**What to produce**
All lines from the one containing "#544=CARTESIAN_POINT('',(0.,0.,42.));" through the end of the data below are to be transcribed exactly. Leave out the rest.

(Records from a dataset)
+---+

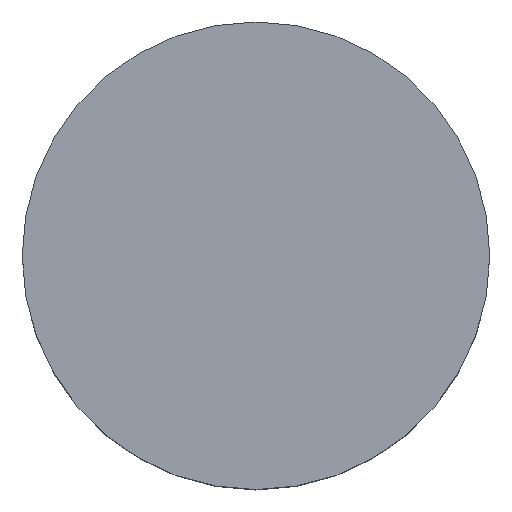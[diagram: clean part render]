
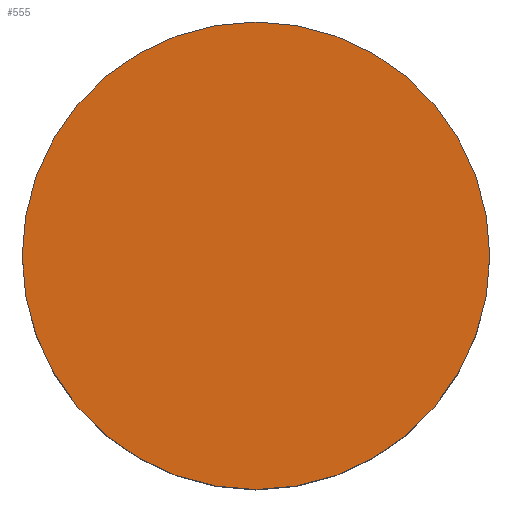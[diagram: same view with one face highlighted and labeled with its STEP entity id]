
A CAD part, top view. The second image highlights one B-rep face of the part: STEP entity #555.
In plain terms, the highlighted planar face has unit normal (0, 0, 1).
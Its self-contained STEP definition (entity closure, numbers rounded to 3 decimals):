
#216=CARTESIAN_POINT('',(0.,0.,42.));
#217=DIRECTION('',(0.,0.,1.));
#218=DIRECTION('',(1.,0.,0.));
#219=AXIS2_PLACEMENT_3D('',#216,#217,#218);
#221=CARTESIAN_POINT('',(0.,0.,42.));
#222=DIRECTION('',(0.,0.,1.));
#223=DIRECTION('',(-1.,0.,0.));
#224=AXIS2_PLACEMENT_3D('',#221,#222,#223);
#276=CARTESIAN_POINT('',(6.,0.,42.));
#277=CARTESIAN_POINT('',(-6.,0.,42.));
#278=VERTEX_POINT('',#276);
#279=VERTEX_POINT('',#277);
#544=CARTESIAN_POINT('',(0.,0.,42.));
#545=DIRECTION('',(0.,0.,1.));
#546=DIRECTION('',(1.,0.,0.));
#547=AXIS2_PLACEMENT_3D('',#544,#545,#546);
#548=PLANE('',#547);
#550=ORIENTED_EDGE('',*,*,#549,.F.);
#552=ORIENTED_EDGE('',*,*,#551,.F.);
#553=EDGE_LOOP('',(#550,#552));
#554=FACE_OUTER_BOUND('',#553,.F.);
#555=ADVANCED_FACE('',(#554),#548,.T.);
#220=CIRCLE('',#219,6.);
#225=CIRCLE('',#224,6.);
#549=EDGE_CURVE('',#278,#279,#220,.T.);
#551=EDGE_CURVE('',#279,#278,#225,.T.);

+---+

**Response below**
#544=CARTESIAN_POINT('',(0.,0.,42.));
#545=DIRECTION('',(0.,0.,1.));
#546=DIRECTION('',(1.,0.,0.));
#547=AXIS2_PLACEMENT_3D('',#544,#545,#546);
#548=PLANE('',#547);
#550=ORIENTED_EDGE('',*,*,#549,.F.);
#552=ORIENTED_EDGE('',*,*,#551,.F.);
#553=EDGE_LOOP('',(#550,#552));
#554=FACE_OUTER_BOUND('',#553,.F.);
#555=ADVANCED_FACE('',(#554),#548,.T.);
#220=CIRCLE('',#219,6.);
#225=CIRCLE('',#224,6.);
#549=EDGE_CURVE('',#278,#279,#220,.T.);
#551=EDGE_CURVE('',#279,#278,#225,.T.);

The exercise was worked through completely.